Click on "Go Advanced" option while replying . It has option to attach files.


----------



## riplag (Oct 13, 2010)

OK I will try that!


----------



## riplag (Oct 13, 2010)

There is more more file that should go with the previous msg!


----------



## RaytheBear (Sep 14, 2010)

Just for added information my wife and I got this on our Updates for our Laptops (we each have Win7), and I choose to Hide this update but that is my personal preferrence since I am not and never was crazy about "Bundle" packaging.
I prefer to download what I want individually. See link below for further information IF you are interested:

http://www.hitsgarden.com/windows-live-essentials-2011/


----------



## nitin2010 (Oct 29, 2010)

Do the following to fix the issue and install the new Windows live Essentials Wave 4 Suite.
1)Goto Control Panel/Add-Remove programs
2)Scroll down the list of installed programs and select "Windows Live Essentials"
3)Select uninstall and select all the programs to remove.
4)Now open Microsoft update and check for updates.
5)Once the check for update is complete you should see the following update in the list of optional updates(make sure you select optional updates)."Windos Live Essentials 2011(KB2434419).
6)Select the update and run.

Hope this helps.

Thanks


----------



## nitin2010 (Oct 29, 2010)

Instead of Step 4 and Step 5 above you can goto http://explore.live.com/windows-live-essentials?os=other to install the Wave 4 Windows live Suite.


----------



## cfourkays (Sep 28, 2003)

Wonder why this shows up as an "Update"?
Are they doing away with Windows Live Mail Version 2009?
I'm using downloaded version as my email client.
No instructions about saving any of your files.


----------



## mel8again (Jul 7, 2008)

cfourkays said:


> Wonder why this shows up as an "Update"?
> Are they doing away with Windows Live Mail Version 2009?
> I'm using downloaded version as my email client.
> No instructions about saving any of your files.


You don't need to save anything. Windows Live Mail is being replaced with Windows Live Mail 2011. You don't have to do the update if you don't want to. If you want it, it will be downloaded and installed without harming your mail settings, accounts, etc.


----------



## cfourkays (Sep 28, 2003)

Thank you, Mel.
Only problem with that is when I do the update ittells me I have another "build/flavor". (Flavor???)

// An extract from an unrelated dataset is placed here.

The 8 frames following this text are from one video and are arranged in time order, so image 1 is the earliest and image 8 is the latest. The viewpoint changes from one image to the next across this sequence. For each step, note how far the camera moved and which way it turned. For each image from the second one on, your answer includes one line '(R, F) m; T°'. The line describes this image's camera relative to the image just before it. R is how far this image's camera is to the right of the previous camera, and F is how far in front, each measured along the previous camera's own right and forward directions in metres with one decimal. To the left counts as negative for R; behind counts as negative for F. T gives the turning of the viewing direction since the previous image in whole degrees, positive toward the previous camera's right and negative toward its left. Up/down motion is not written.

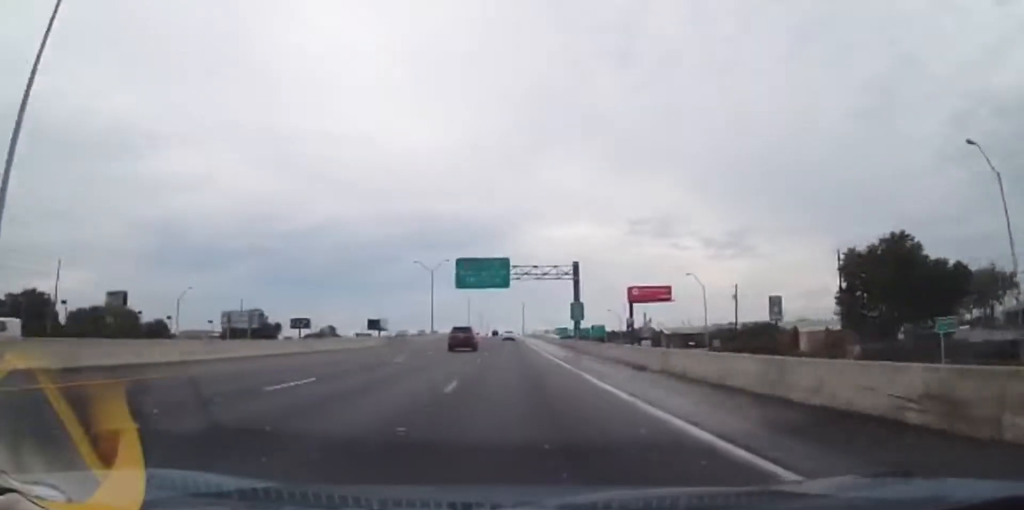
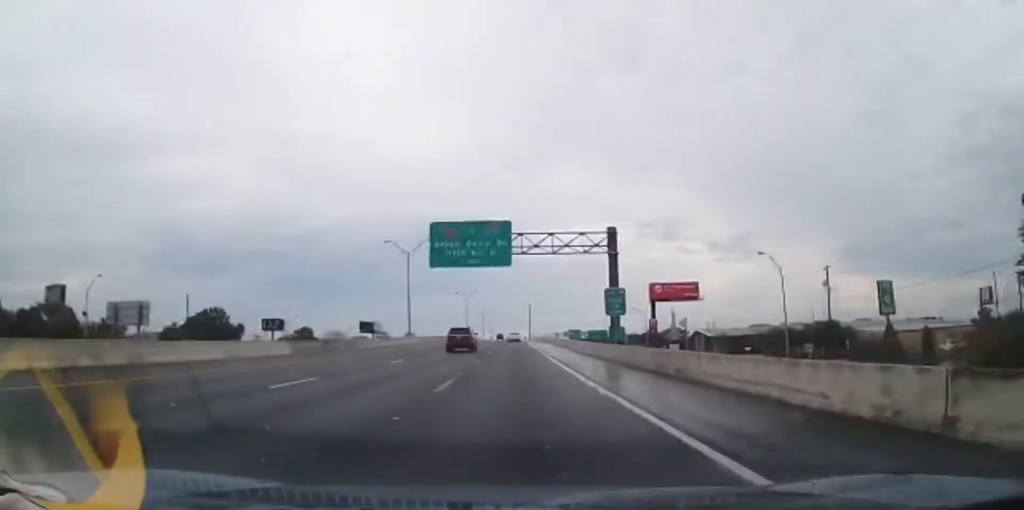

Other posts with that problem tell me to uninstall the other version.


----------



## mel8again (Jul 7, 2008)

I put the new version on three computers that were using Windows Live Mail and didn't have any problems with any of them. You can try the uninstall process if you wish. If you are using Win 7 you go to Programs and Features (not Add & Remove Programs).


----------